Star Trek: The Motion Picture (1979) — Review

Star Trek: The Motion Picture (1979)-10 / 10

Star Trek: The Motion Picture is the most expensive screensaver in cinema history. Paramount gave Robert Wise a budget that dwarfed the entire television series and Wise spent most of it on shots of the Enterprise from every possible angle while Jerry Goldsmith’s magnificent score played underneath. The film treats the ship as the star and the characters as supporting cast, which is the exact inversion of what made Star Trek worth adapting from television to cinema.
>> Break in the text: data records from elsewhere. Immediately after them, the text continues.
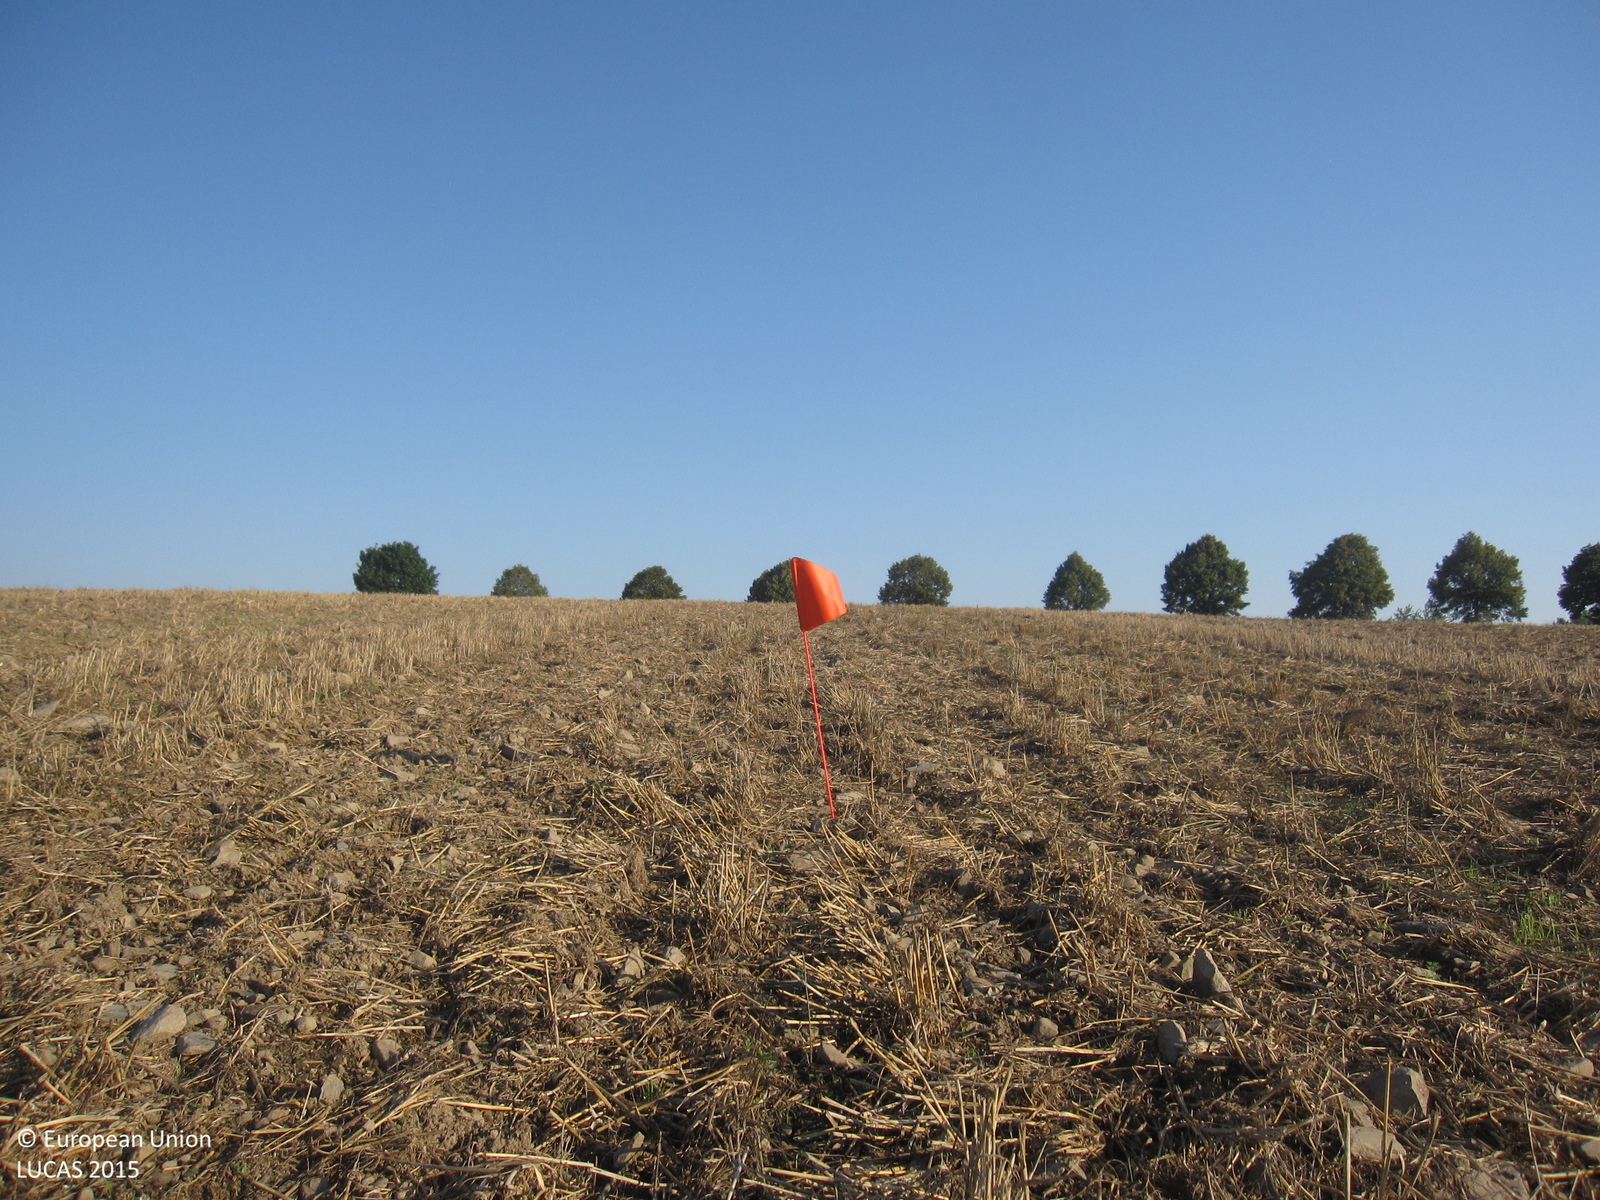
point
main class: Cropland
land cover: Common wheat
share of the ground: 25 - 50 %
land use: Agriculture (excluding fallow land and kitchen gardens)
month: August
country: DE
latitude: 50.5875
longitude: 11.5392
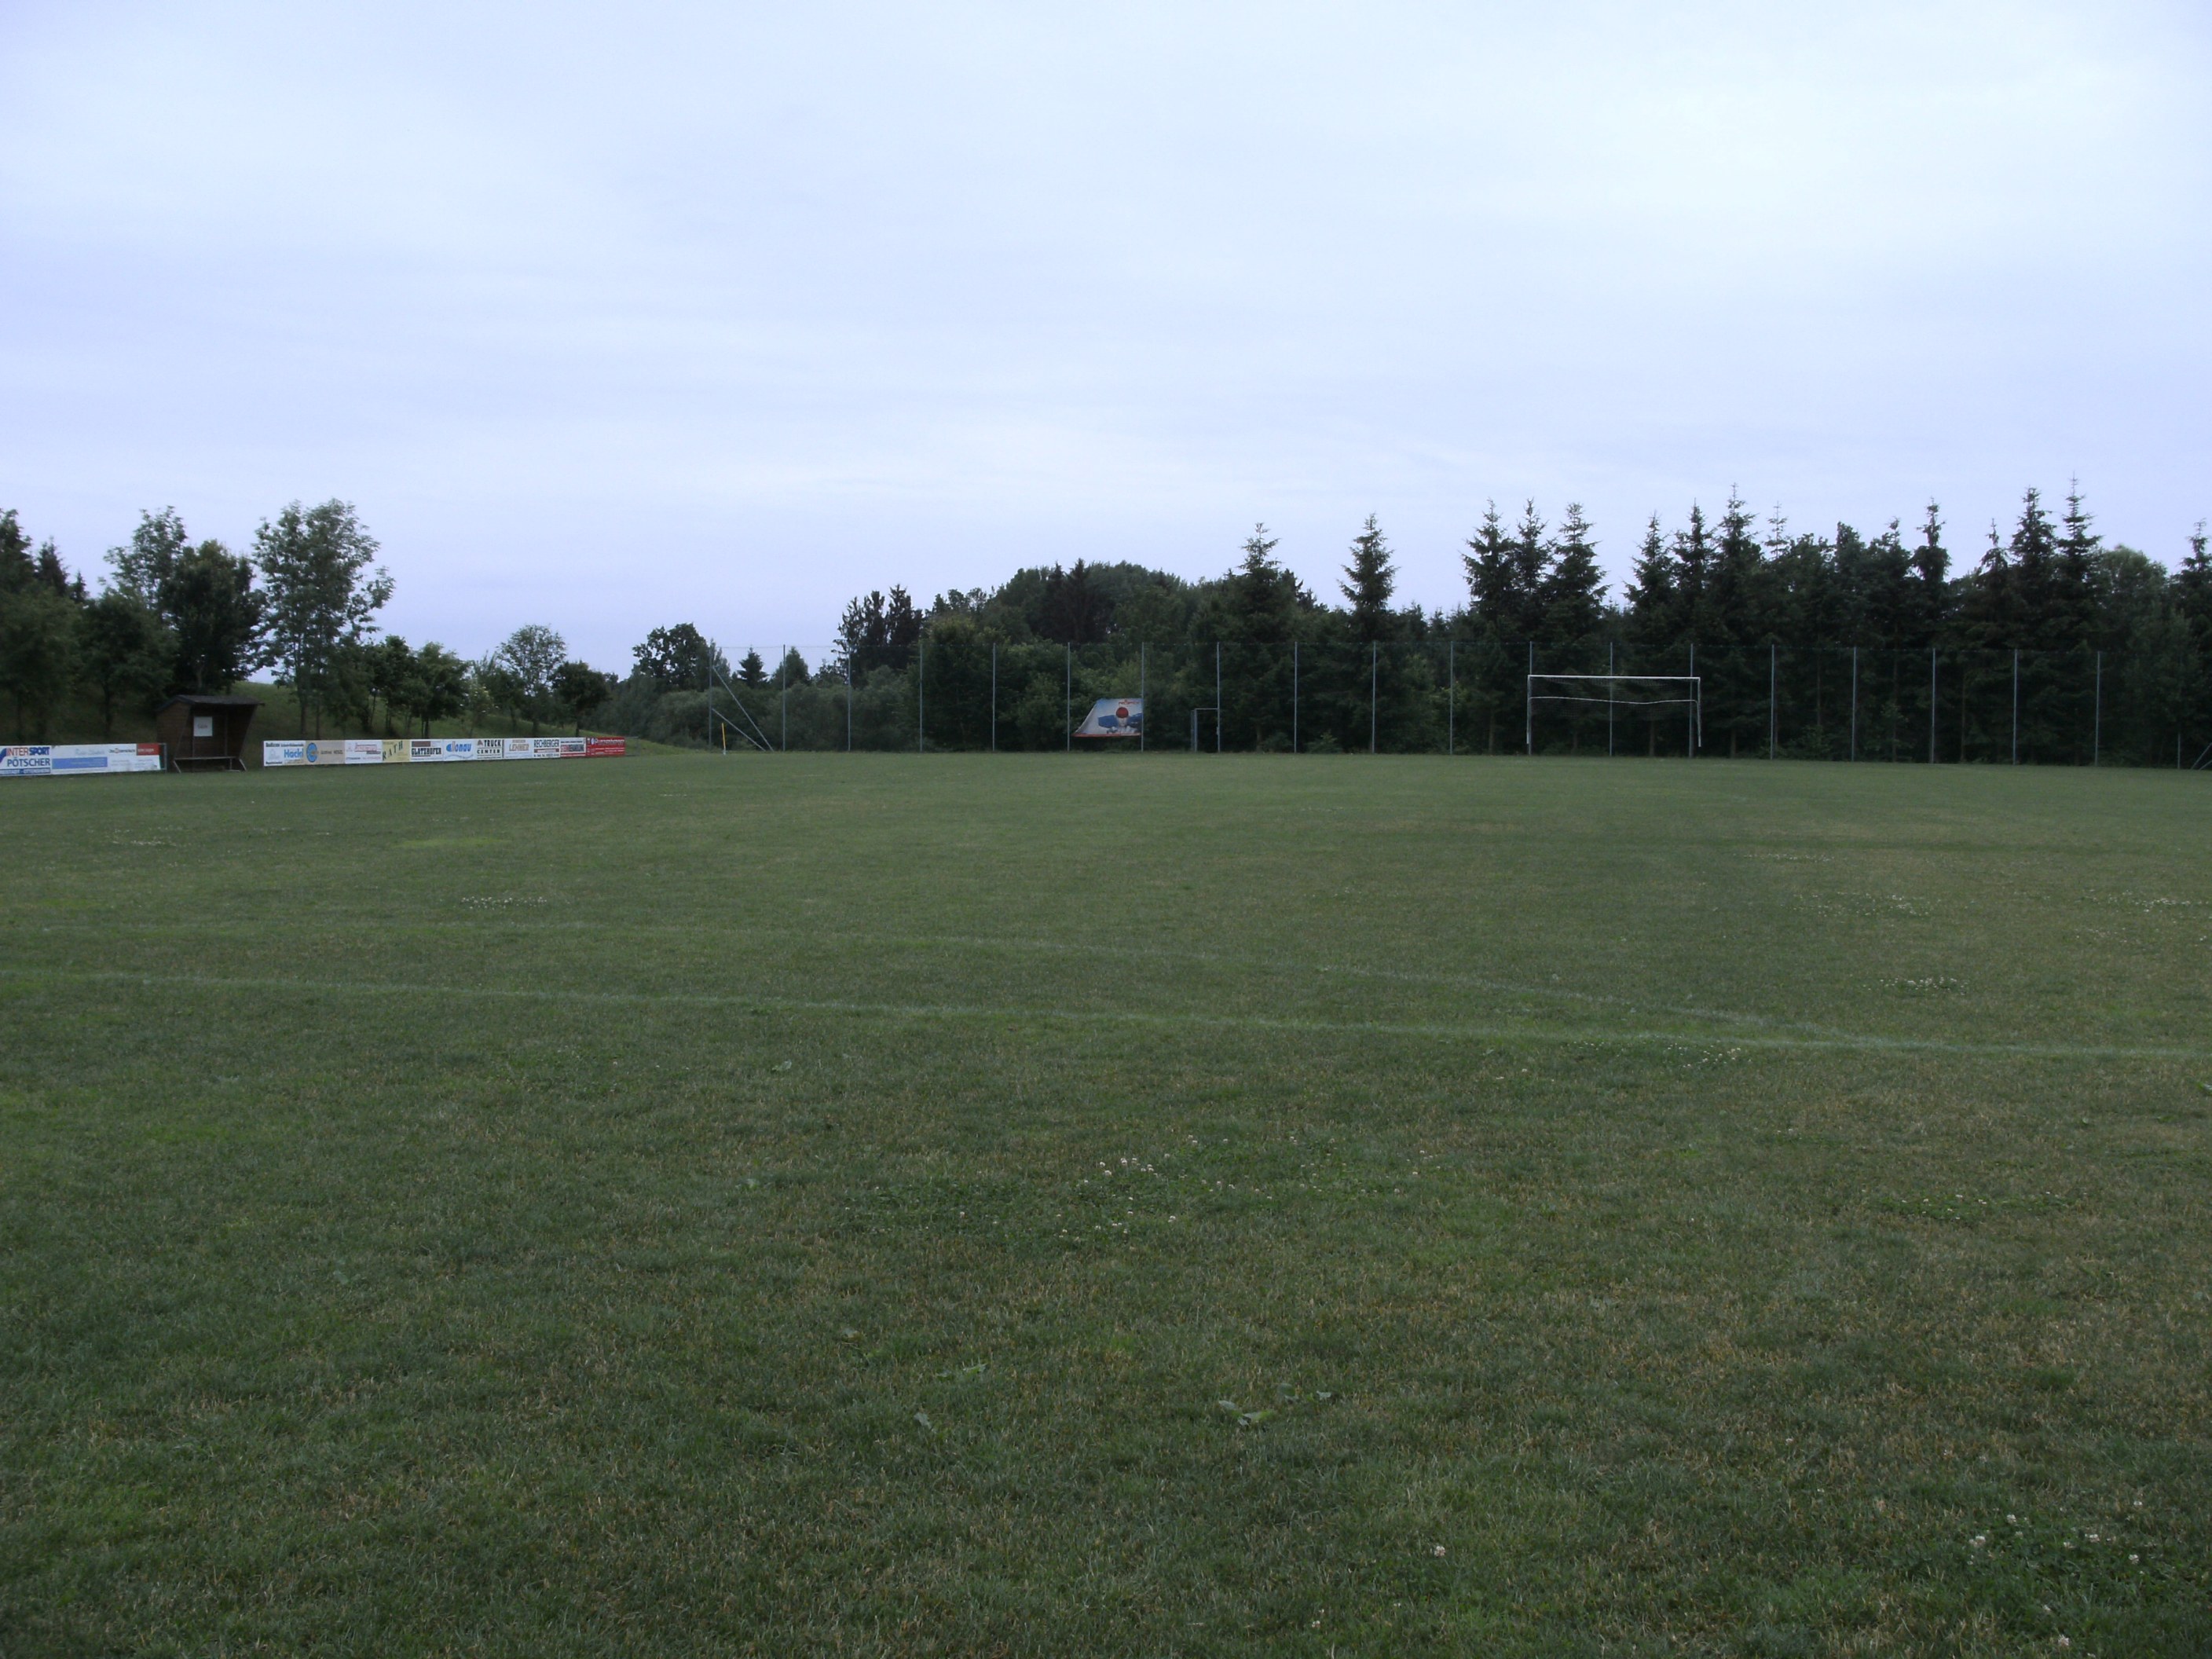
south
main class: Grassland
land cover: Grassland without tree/shrub cover
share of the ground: > 75 %
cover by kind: herbaceous plants 100 %
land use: Sport
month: June
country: AT
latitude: 48.4348
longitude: 14.1226
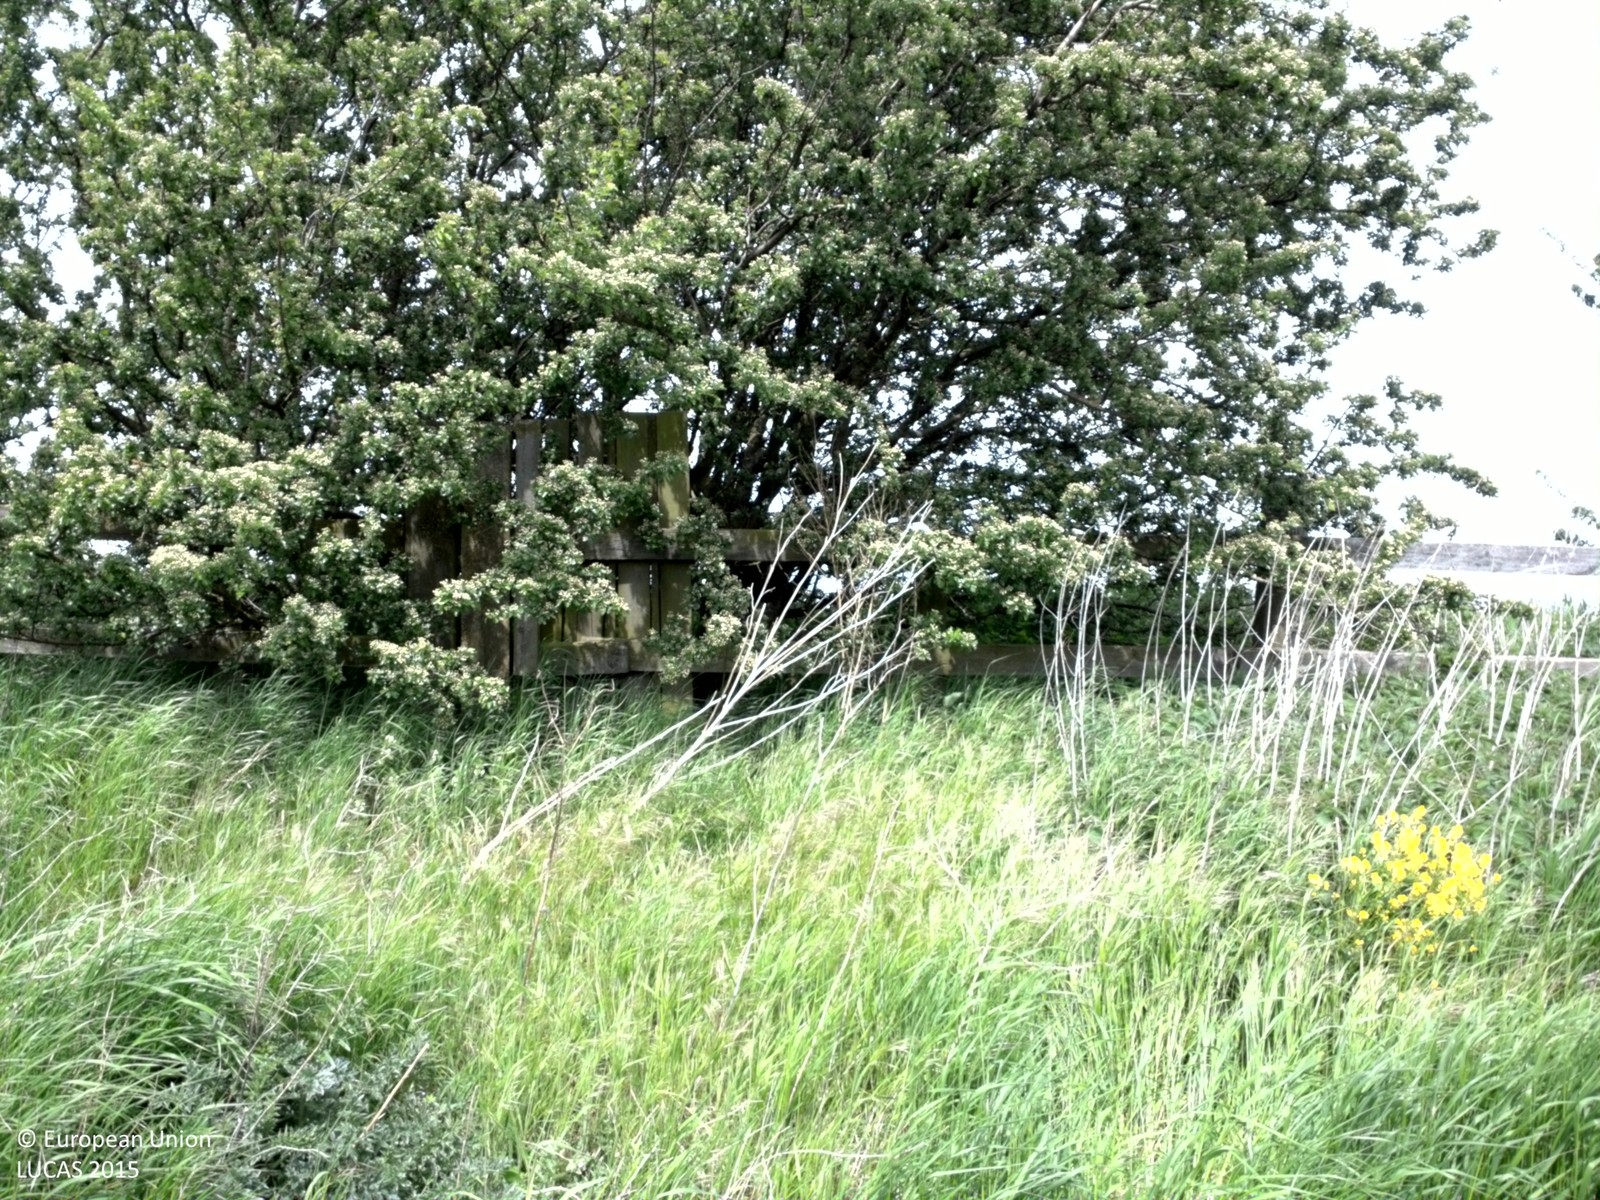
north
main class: Cropland
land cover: Barley
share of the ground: > 75 %
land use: Agriculture (excluding fallow land and kitchen gardens)
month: May
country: SE
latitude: 55.6475
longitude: 13.0648

My rating: -10. I hated it. The specific failure is the confusion of container with content — the Enterprise is iconic because of what happens aboard her and who commands her, not because of her nacelles. A film that spends ten minutes on the ship’s exterior and five minutes on the relationship between Kirk and Spock has gotten its priorities exactly backward.

The Fly-Around Problem

The sequence where the refit Enterprise is revealed — Scotty ferrying Kirk to the ship via inspection pod while the camera lovingly documents every detail of the redesign — runs for approximately ten minutes. Nothing happens in those ten minutes except photography. No character development. No story progression. No thematic content. The ship is shown from every angle available to the camera while Goldsmith’s theme swells underneath.

This is not a dramatic sequence. It is a product reveal. Paramount spent an enormous amount of money redesigning the Enterprise for the theatrical release and wanted to show it off, and Wise gave them what they wanted. The result is a film that feels, in its best sequences, like an extended advertisement for itself.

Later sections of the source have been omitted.